Quando, vários minutos depois, Remus se separou dela, foi como se um frio súbito tivesse tomado conta de seu corpo, substituindo o calor e a solidez do corpo dele. Remus olhava para a parede. A respiração pesada se acalmando, os braços caídos ao lado do corpo, os olhos fixos. Como se lembrassem outros tempos.

E realmente lembravam. Cenas iam e vinham em sua mente; cenas de uma época em que as coisas não estavam assim tão... quebradas. Ele suspirou pesadamente. Depois de tantos anos de perdas, guerra, frustrações, amores e amigos perdidos, arrancados de sua vida... deixando vazios cada vez mais difíceis de serem preenchidos ele estava cansado. E... com medo. Todos os seus velhos traumas e reservas a respeito de sentimentos haviam voltado mais fortes do que nunca com a morte de Sirius; e agora ele se sentia vazio e cínico e gasto demais pra se aventurar em qualquer coisa que pudesse sequer lembrar um romance. Sem coração. As primeiras desculpas saíram de seus lábios quase sem ele pensar:

"Estou velho demais para... "

E tentava encontrar as palavras certas para continuar.

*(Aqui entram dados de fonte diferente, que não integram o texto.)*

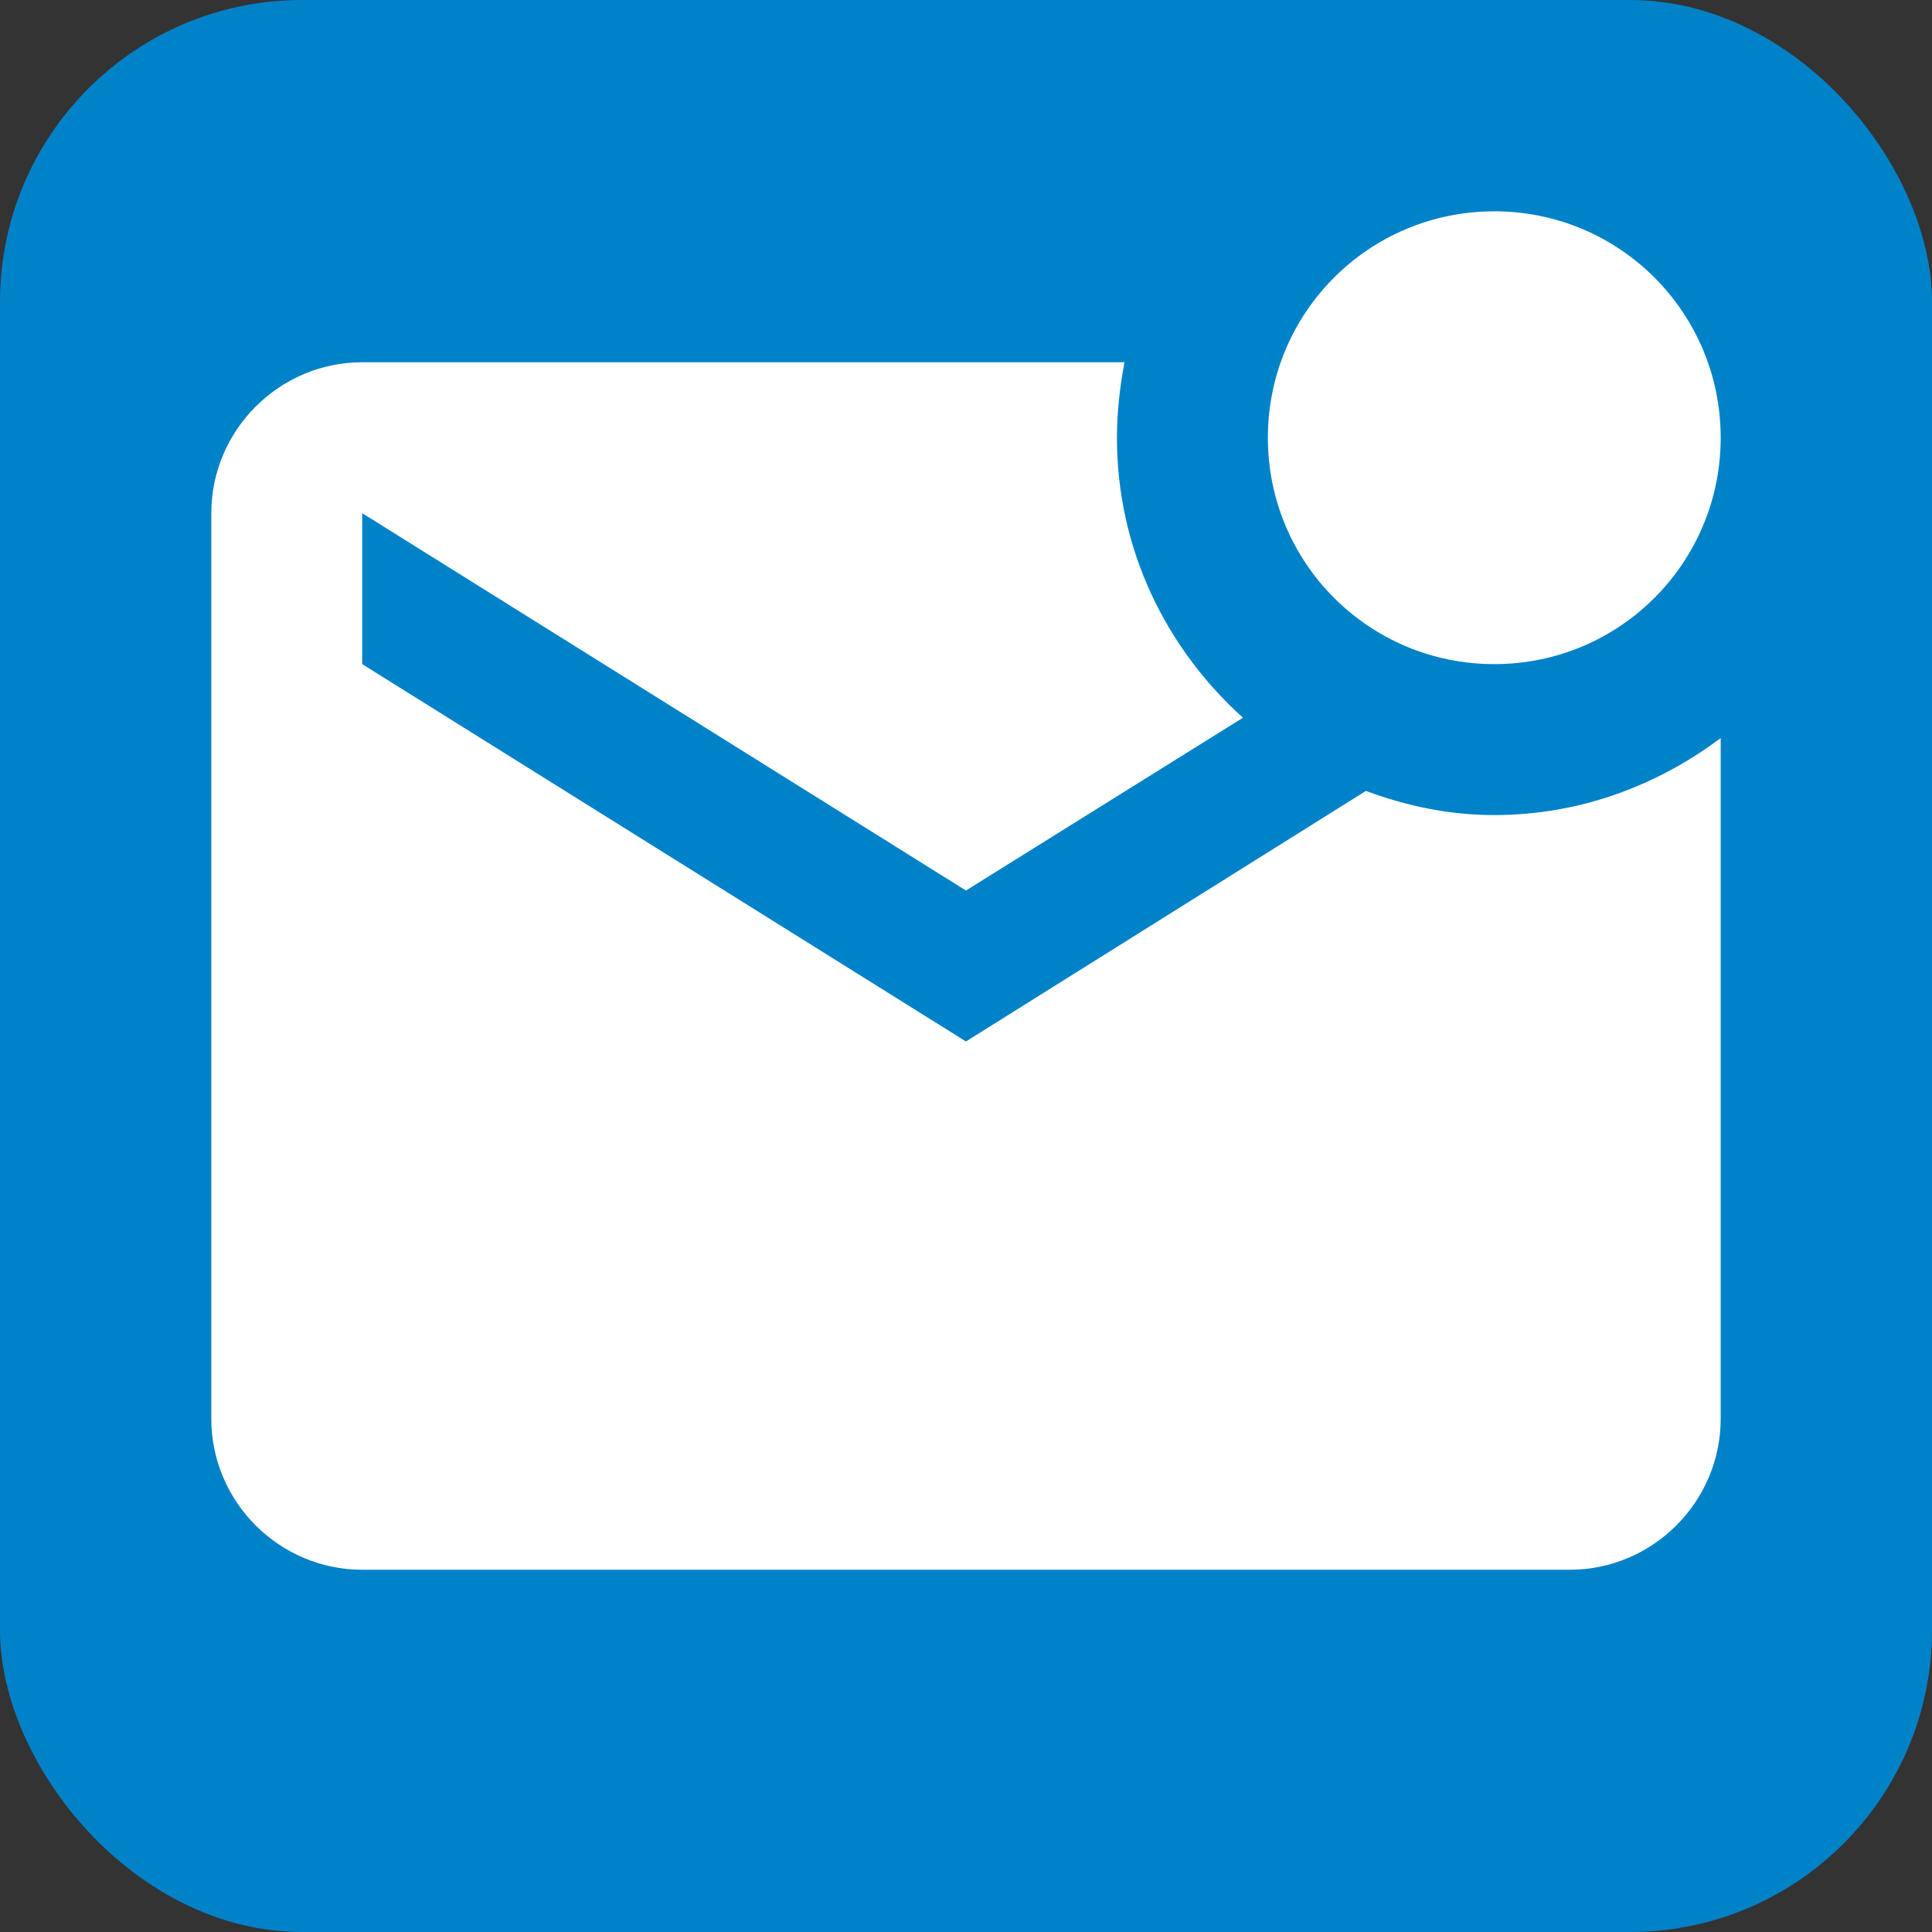<svg width="32" height="32" enable-background="new 0 0 595.275 311.111" version="1.1" viewBox="0 0 32 32" xml:space="preserve" xmlns="http://www.w3.org/2000/svg"><rect x="0" y="0" width="32" height="32" fill="#333333" stroke="none"/><rect width="32" height="32" rx="5" ry="5" fill="#0082c9" stroke-width=".25"/><path d="m28.5 12.225v11.275c0 1.375-1.125 2.5-2.5 2.5h-20c-1.375 0-2.5-1.125-2.5-2.5v-15c0-1.375 1.125-2.5 2.5-2.5h12.625c-0.075 0.4-0.125 0.825-0.125 1.25 0 1.85 0.812 3.487 2.087 4.638l-4.588 2.862-10-6.25v2.5l10 6.25 6.625-4.15c0.675 0.25 1.375 0.4 2.125 0.4 1.413 0 2.7-0.487 3.75-1.275zm-7.5-4.975c0 2.075 1.675 3.75 3.75 3.75s3.75-1.675 3.75-3.75c0-2.075-1.675-3.75-3.75-3.75s-3.75 1.675-3.75 3.75z" fill="#fff" stroke-width="1.25"/></svg>

"Para...?" ela franziu a testa tentando entender o que ele estava tentando dizer. A última coisa que ela tinha ouvido sair dos lábios dele era um "eu também te amo", duas semanas atrás.

"Eu e você... essa relação..."

"Não tô entendendo. O que tem nosso relacionamento? E essa história de velho? Velho? Remus..."

"Velho. Diferentes demais..."

Ela o interrompeu com impaciência.

"Porque isso agora? Logo agora?"

Ele desviou os olhos, encarando os sapatos.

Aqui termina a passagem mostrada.